Signed-off-by: Bharata B Rao <bharata@linux.vnet.ibm.com>
---
init/Kconfig | 13 ++++
kernel/sched.c | 164 +++++++++++++++++++++++++++++++++++++++++++++++++++
kernel/sched_fair.c | 18 ++++++
3 files changed, 195 insertions(+), 0 deletions(-)
diff --git a/init/Kconfig b/init/Kconfig
index a23da9f..6b76df4 100644
--- a/init/Kconfig
+++ b/init/Kconfig
@@ -486,6 +486,19 @@ config CGROUP_SCHED
endchoice
+config CFS_HARD_LIMITS
+ bool "Hard Limits for CFS Group Scheduler"
+ depends on EXPERIMENTAL
+ depends on FAIR_GROUP_SCHED && CGROUP_SCHED
+ default n
+ help
+ This option enables hard limiting of CPU time obtained by
+ a fair task group. Use this if you want to throttle a group of tasks
+ based on its CPU usage.
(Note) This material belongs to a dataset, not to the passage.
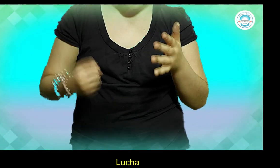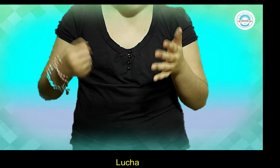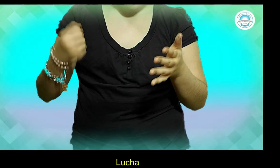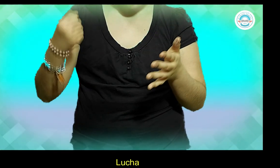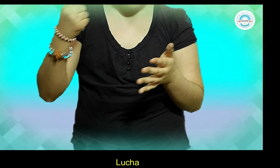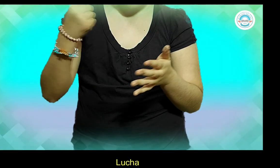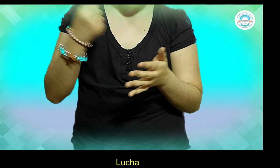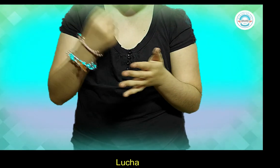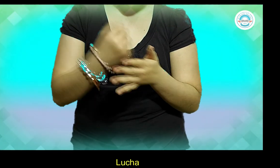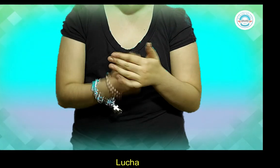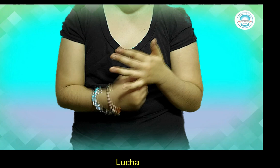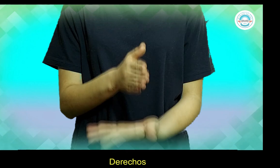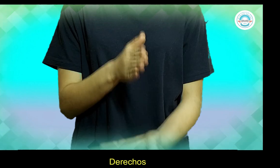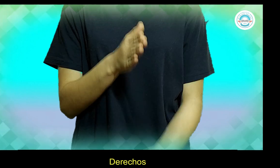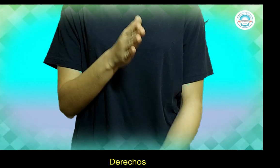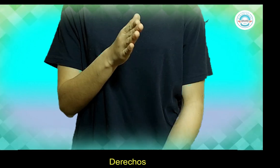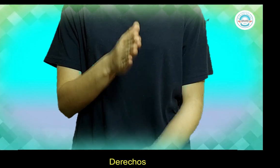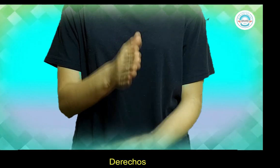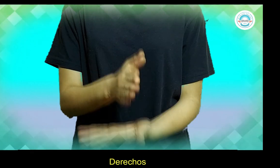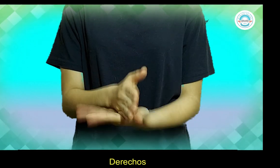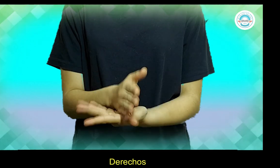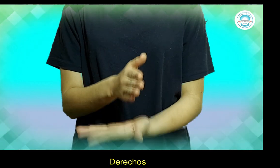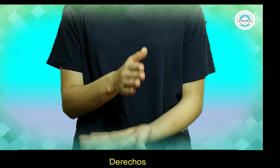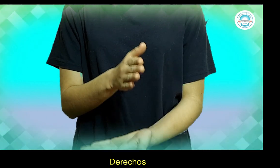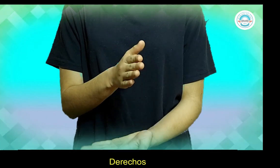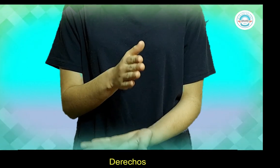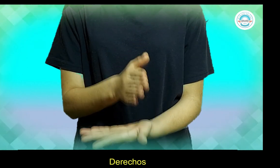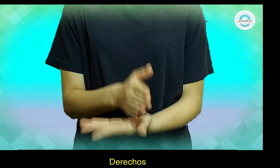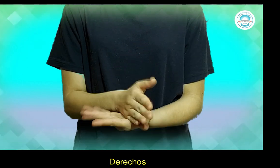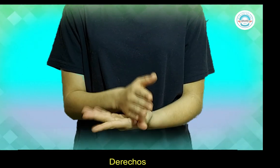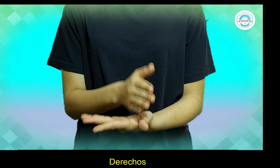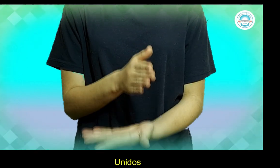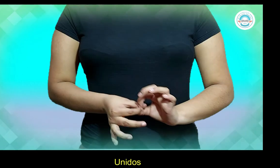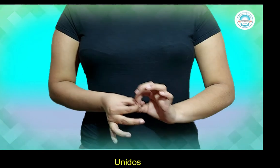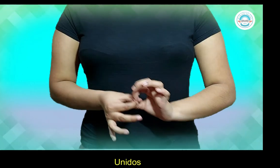Lucha. Derechos. Unidos.

For more details refer to
+ Documentation/scheduler/sched-cfs-hard-limits.txt
+
+ Say N if unsure.
+
menuconfig CGROUPS
boolean "Control Group support"
help
diff --git a/kernel/sched.c b/kernel/sched.c
index 4a24d62..48d5483 100644
--- a/kernel/sched.c
+++ b/kernel/sched.c
@@ -151,6 +151,14 @@ static struct sched_bandwidth def_rt_bandwidth;
static int do_sched_rt_period_timer(struct sched_bandwidth *sched_b, int overrun);
+/*
+ * Nothing much to do now. Will be populated in subsequent hard limit patches.
+ */
+static int do_sched_cfs_period_timer(struct sched_bandwidth *sched_b, int overrun)
+{
+ return 0;
+}
+
static enum hrtimer_restart sched_period_timer(struct hrtimer *timer, int rt)
{
struct sched_bandwidth *sched_b =
@@ -168,6 +176,8 @@ static enum hrtimer_restart sched_period_timer(struct hrtimer *timer, int rt)
if (rt)
idle = do_sched_rt_period_timer(sched_b, overrun);
+ else
+ idle = do_sched_cfs_period_timer(sched_b, overrun);
}
return idle ? HRTIMER_NORESTART : HRTIMER_RESTART;
@@ -266,6 +276,7 @@ struct task_group {
/* runqueue "owned" by this group on each cpu */
struct cfs_rq **cfs_rq;
unsigned long shares;
+ struct sched_bandwidth cfs_bandwidth;
#endif
#ifdef CONFIG_RT_GROUP_SCHED
@@ -463,6 +474,7 @@ struct cfs_rq {
unsigned long rq_weight;
#endif
#endif
+ struct rq_bandwidth rq_bandwidth;
};
/* Real-Time classes' related field in a runqueue: */
@@ -2075,6 +2087,38 @@ static inline void balance_runtime(struct rq_bandwidth *rq_b,
}
#endif /* CONFIG_SMP */
+/*
+ * Runtime allowed for a cfs group before it is hard limited.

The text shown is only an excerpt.